I don’t know how crippled and compromised your country’s civil justice system has become, but in my neck of the woods at least, it’s ugly. A feature article last month in Canada’s Globe and Mail went into excruciating detail about the “unbearable” state of a civil justice system in which the trial process can easily stretch four to five years. Your own country will have similar horror stories: In the US, Britain, and Australia, “broken,” “shambolic,” and “locked out” are used to describe the state of civil justice.
Put aside, just for the moment, the much larger problem of “unmet legal need” — or more accurately, the restricted and unequal access to civil justice systems that exclude 90% of their potential users. What should really alarm us is that most of the people who have accessed the civil justice system now wish they’d never come near it.
Like all systemic problems, this one has multiple causes, including but not limited to:
Governments: Not enough support, too few judicial appointments, decrepit courthouses, too little funding to run massive systems properly at scale.
Courts: Persistent inability to modernize, technological backwardness, punitive formalism, a failure to adjust to the reality of self-represented litigants.
Litigators: Too much self-interest, too many tactical delays when representing a wealthier party to burden opponents with added time and expense.
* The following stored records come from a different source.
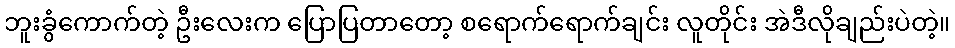
ဘူးခွံကောက်တဲ့ ဦးလေးက ပြောပြတာတော့ စရောက်ရောက်ချင်း လူတိုင်း အဲဒီလိုချည်းပဲတဲ့။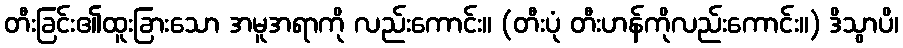
တီးခြင်း၏ထူးခြားသော အမူအရာကို လည်းကောင်း။ (တီးပုံ တီးဟန်ကိုလည်းကောင်း။) ဒိသွာပိ၊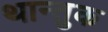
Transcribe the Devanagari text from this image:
थान्तुक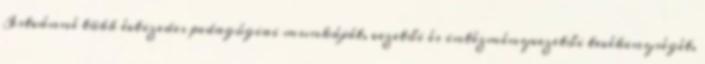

Judges: Too tolerant of procedural abuse, too much lip service about access, too willing to maintain the archaic pantomime of the “zealous” adversarial system.
Whenever we examine any systemic problem, however, we need to remember a pair of sharp observations from two leading systems analysts: William Edwards Deming’s axiom that “Every system is perfectly designed to get the results it gets,” and Stafford Beer’s corollary that “The purpose of a system is what it does.” We know that civil justice systems worldwide do not serve the interests of the people who use them or the societies that need them. So whose interests do they serve? Hint: You’ll find them in the bulleted list above.
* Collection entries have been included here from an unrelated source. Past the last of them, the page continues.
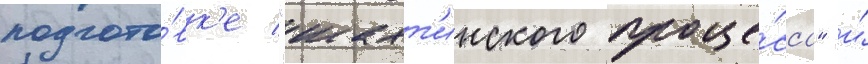
подгото́вк'е "шахт'инского проце́сса" и́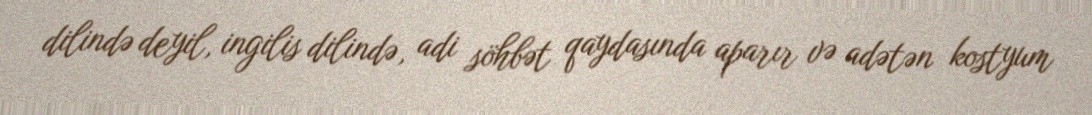
dilində deyil, ingilis dilində, adi söhbət qaydasında aparır və adətən kostyum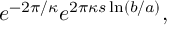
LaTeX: e ^ { - 2 \pi / \kappa } e ^ { 2 \pi \kappa s \ln ( b / a ) } ,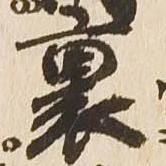
裏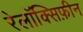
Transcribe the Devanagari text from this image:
रेलॉक्सिफ़ीन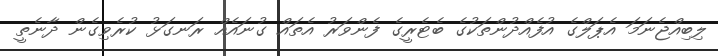
ލިބިއްޖެނަމަ އެޕަލްގެ އުފެއްދުންތަކުގެ ބެޓެރީގެ ފެންވަރު އެތައް ގުނައެއް ރަނގަޅު ކުރެވިގެން ދާނެތީ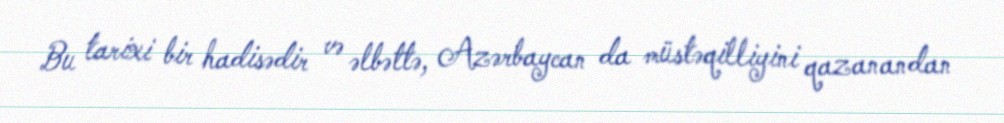
Bu tarixi bir hadisədir və əlbəttə, Azərbaycan da müstəqilliyini qazanandan

These current beneficiaries of our civil justice systems, accordingly, are the only ones who can get us started down the path of a solution. But until all or even most of them come to the table truly interested in change — and ready to make the sacrifices necessary to achieve it — we’re not getting anywhere. Seven years ago, I proposed a collective-effort “Council of Elrond” for civil justice reform, and I still think it’s a feasible model for any jurisdiction that might wish to adapt it. But I haven’t seen any invitations to Rivendell in the mailbox yet.
Enough is enough. I care about civil justice, but the key stakeholders of civil justice systems have shown that they don’t, or at least that they don’t care enough to take the necessary steps to make those systems work properly. So it’s time to look elsewhere. If we can’t fix our civil justice systems, then let’s go build new ones.
We need to start simple. System design can get extraordinarily complex very quickly, and complexity is our enemy at this stage. Tom O’Leary nicely inverted Deming’s axiom with a question of his own: “We want the system to work for [this group]. What would need to happen for that to be true?”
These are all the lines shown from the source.